EXERCISE PROMPT:
Although pictures appear in the data, the answer should contain only the lines from its start through the line with "If multiple actions", written out exactly.

SUPPLIED DATA:
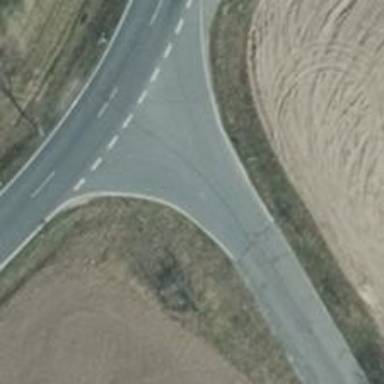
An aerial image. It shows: Tertiary road with asphalt surface.
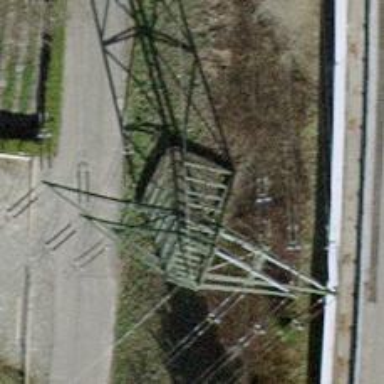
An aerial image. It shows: Lattice structure tower used for power distribution.
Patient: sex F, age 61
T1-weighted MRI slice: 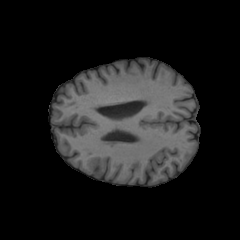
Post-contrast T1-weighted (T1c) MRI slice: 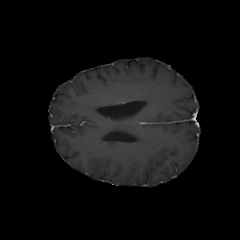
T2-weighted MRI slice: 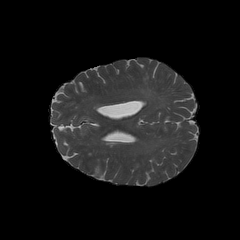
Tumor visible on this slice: no
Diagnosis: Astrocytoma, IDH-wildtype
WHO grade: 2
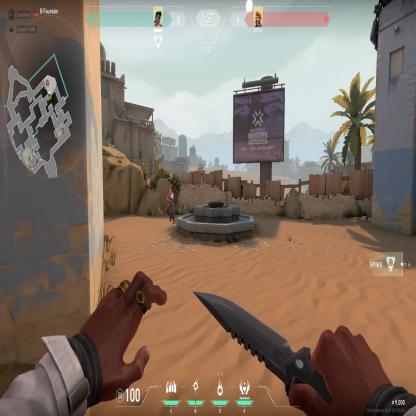
Label: enemy
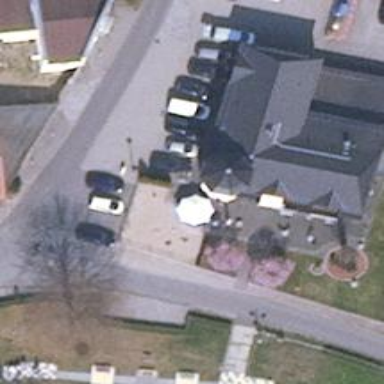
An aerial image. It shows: Restaurant.
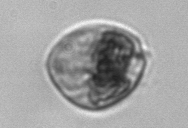
Label: Prorocentrum
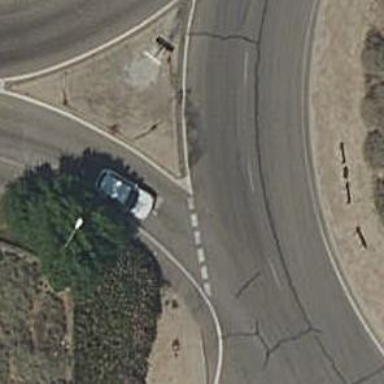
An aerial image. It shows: Road with "give way" sign.
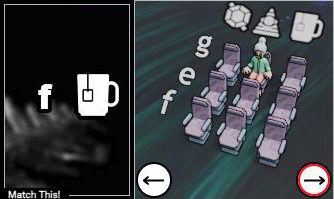
Task: seats
Answer: no
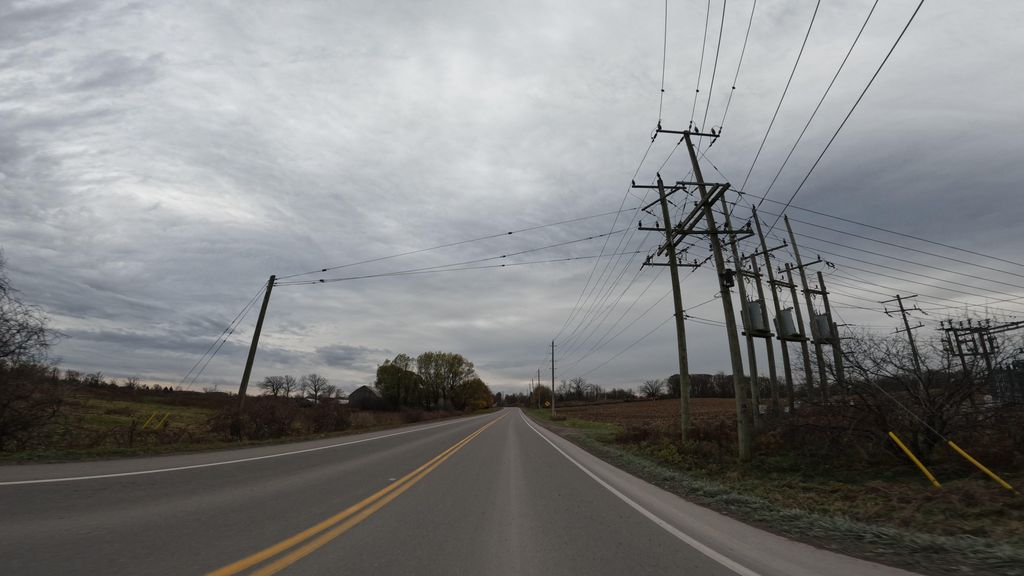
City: hamilton
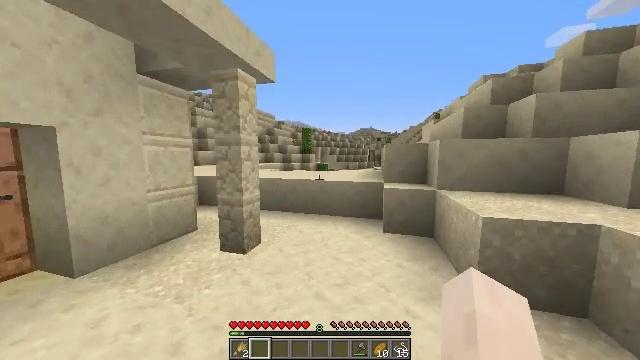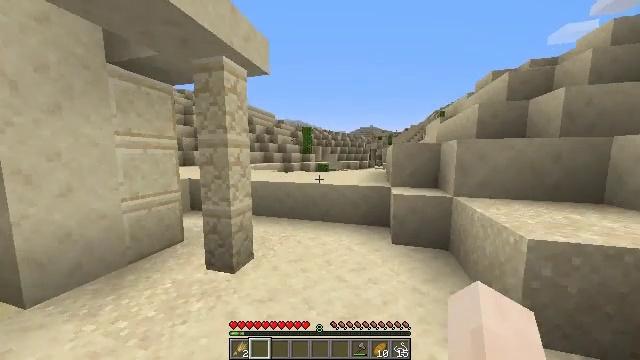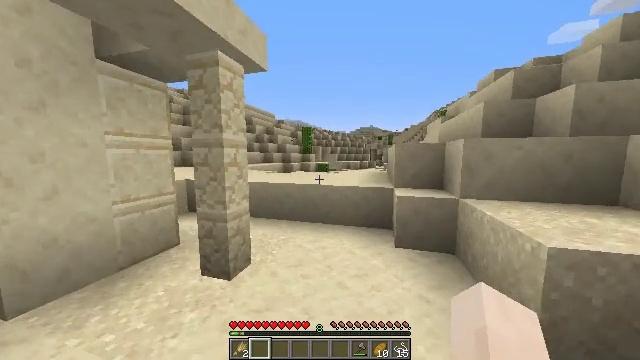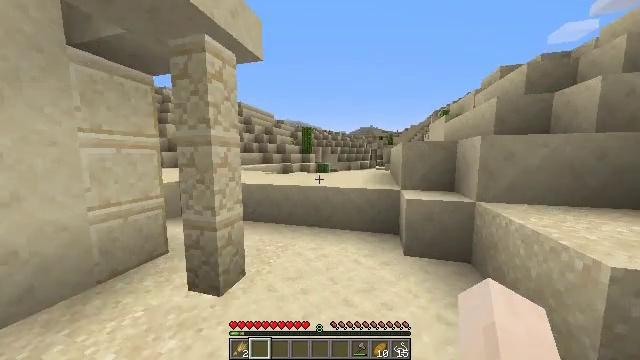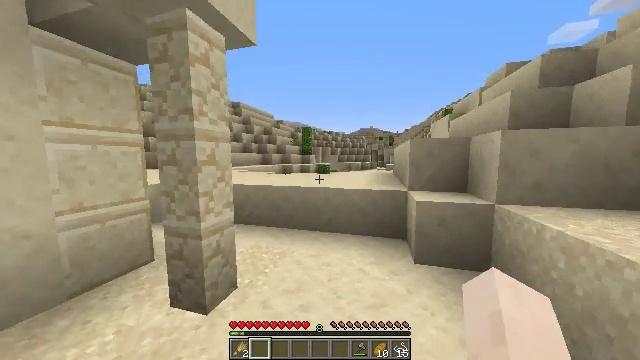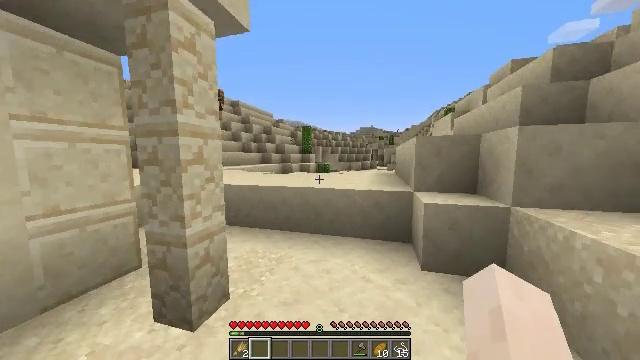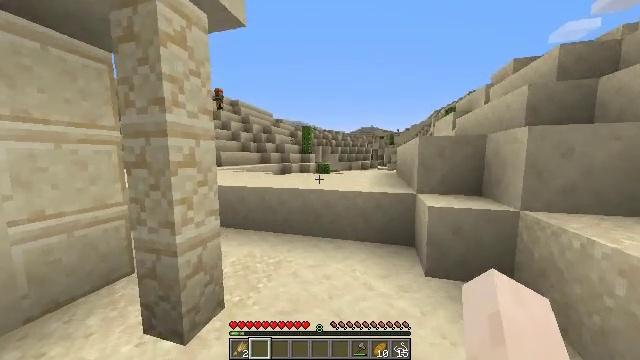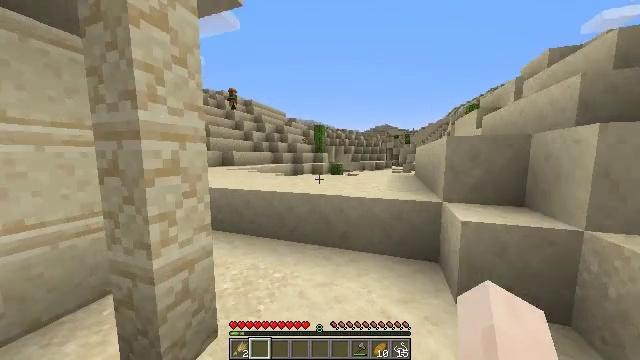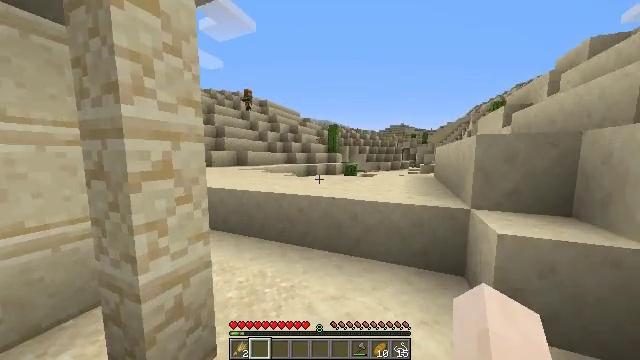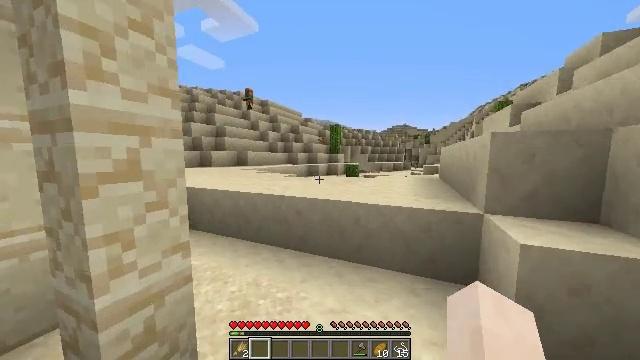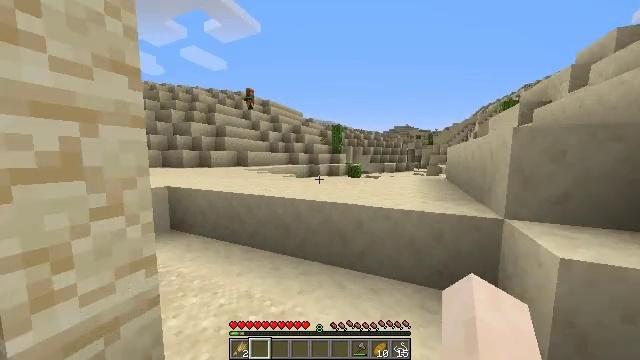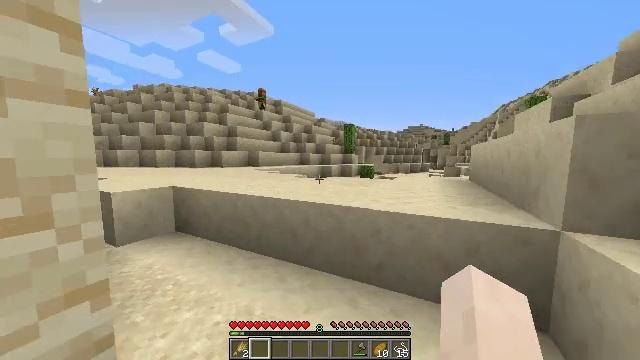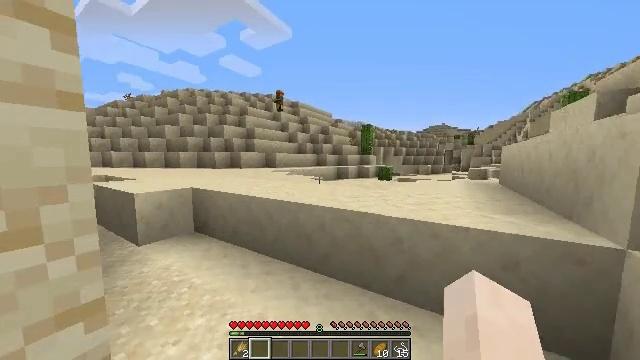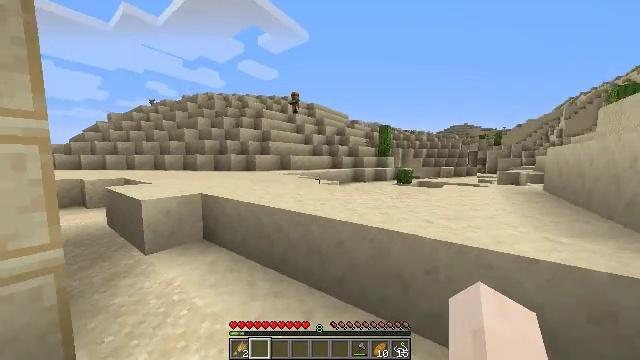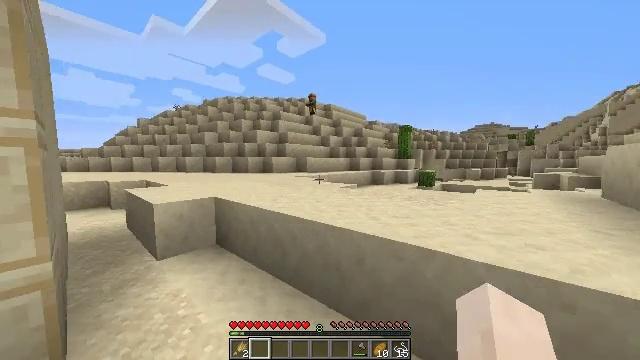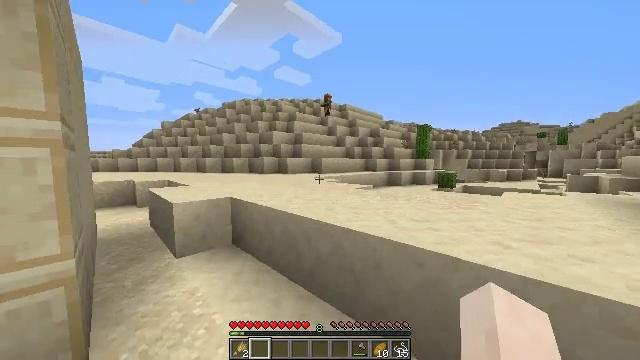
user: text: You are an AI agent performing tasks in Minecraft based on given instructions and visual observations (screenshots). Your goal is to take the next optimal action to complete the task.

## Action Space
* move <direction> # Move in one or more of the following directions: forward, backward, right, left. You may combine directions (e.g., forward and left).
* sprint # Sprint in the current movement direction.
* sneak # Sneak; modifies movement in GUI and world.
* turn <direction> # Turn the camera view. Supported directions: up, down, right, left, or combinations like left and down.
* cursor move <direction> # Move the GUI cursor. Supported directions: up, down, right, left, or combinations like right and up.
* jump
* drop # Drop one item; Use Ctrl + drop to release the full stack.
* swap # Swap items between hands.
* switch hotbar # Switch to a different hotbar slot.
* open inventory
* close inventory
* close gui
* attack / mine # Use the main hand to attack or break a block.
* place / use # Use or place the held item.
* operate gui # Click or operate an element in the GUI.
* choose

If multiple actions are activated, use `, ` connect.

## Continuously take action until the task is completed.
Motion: motion action
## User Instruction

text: Cook a cooked rabbit.
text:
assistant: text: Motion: move forward, sprint
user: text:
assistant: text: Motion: move forward, sprint
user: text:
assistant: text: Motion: move forward, sprint
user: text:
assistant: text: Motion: move forward, sprint
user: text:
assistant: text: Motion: move forward, sprint
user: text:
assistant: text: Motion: move forward, sprint
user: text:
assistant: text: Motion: move forward, sprint, turn left
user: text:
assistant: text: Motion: move forward, sprint, turn left
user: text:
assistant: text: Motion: move forward, sprint
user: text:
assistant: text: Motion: move forward, sprint
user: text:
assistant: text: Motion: move forward, sprint, turn left
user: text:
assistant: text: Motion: move forward, sprint, turn left
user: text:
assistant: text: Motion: move forward, sprint, turn left
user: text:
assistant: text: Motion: move forward, sprint, turn left
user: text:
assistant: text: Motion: move forward, sprint, turn left
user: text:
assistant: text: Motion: move forward, sprint, turn left, jump
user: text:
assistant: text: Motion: move forward, sprint, jump
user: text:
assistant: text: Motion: move forward, sprint, jump
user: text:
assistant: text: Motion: move forward, sprint, jump
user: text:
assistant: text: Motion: move forward, sprint, jump
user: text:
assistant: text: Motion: move forward, sprint, jump
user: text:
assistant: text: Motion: move forward, sprint
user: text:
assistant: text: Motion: move forward, sprint
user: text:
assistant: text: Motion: move forward, sprint
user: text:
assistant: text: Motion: move forward and move left, sprint
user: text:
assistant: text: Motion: move forward and move left, sprint
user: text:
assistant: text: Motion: move forward and move left, sprint
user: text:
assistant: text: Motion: move forward, sprint
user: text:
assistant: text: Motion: move forward, sprint
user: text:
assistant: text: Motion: move forward, sprint

YOUR RESPONSE:
An aerial image. It shows: Tertiary road with asphalt surface.
An aerial image. It shows: Lattice structure tower used for power distribution.
Patient: sex F, age 61
T1-weighted MRI slice: 
Post-contrast T1-weighted (T1c) MRI slice: 
T2-weighted MRI slice: 
Tumor visible on this slice: no
Diagnosis: Astrocytoma, IDH-wildtype
WHO grade: 2
Label: enemy
An aerial image. It shows: Restaurant.
Label: Prorocentrum
An aerial image. It shows: Road with "give way" sign.
Task: seats
Answer: no
City: hamilton
user: text: You are an AI agent performing tasks in Minecraft based on given instructions and visual observations (screenshots). Your goal is to take the next optimal action to complete the task.

## Action Space
* move <direction> # Move in one or more of the following directions: forward, backward, right, left. You may combine directions (e.g., forward and left).
* sprint # Sprint in the current movement direction.
* sneak # Sneak; modifies movement in GUI and world.
* turn <direction> # Turn the camera view. Supported directions: up, down, right, left, or combinations like left and down.
* cursor move <direction> # Move the GUI cursor. Supported directions: up, down, right, left, or combinations like right and up.
* jump
* drop # Drop one item; Use Ctrl + drop to release the full stack.
* swap # Swap items between hands.
* switch hotbar # Switch to a different hotbar slot.
* open inventory
* close inventory
* close gui
* attack / mine # Use the main hand to attack or break a block.
* place / use # Use or place the held item.
* operate gui # Click or operate an element in the GUI.
* choose

If multiple actions are activated, use `, ` connect.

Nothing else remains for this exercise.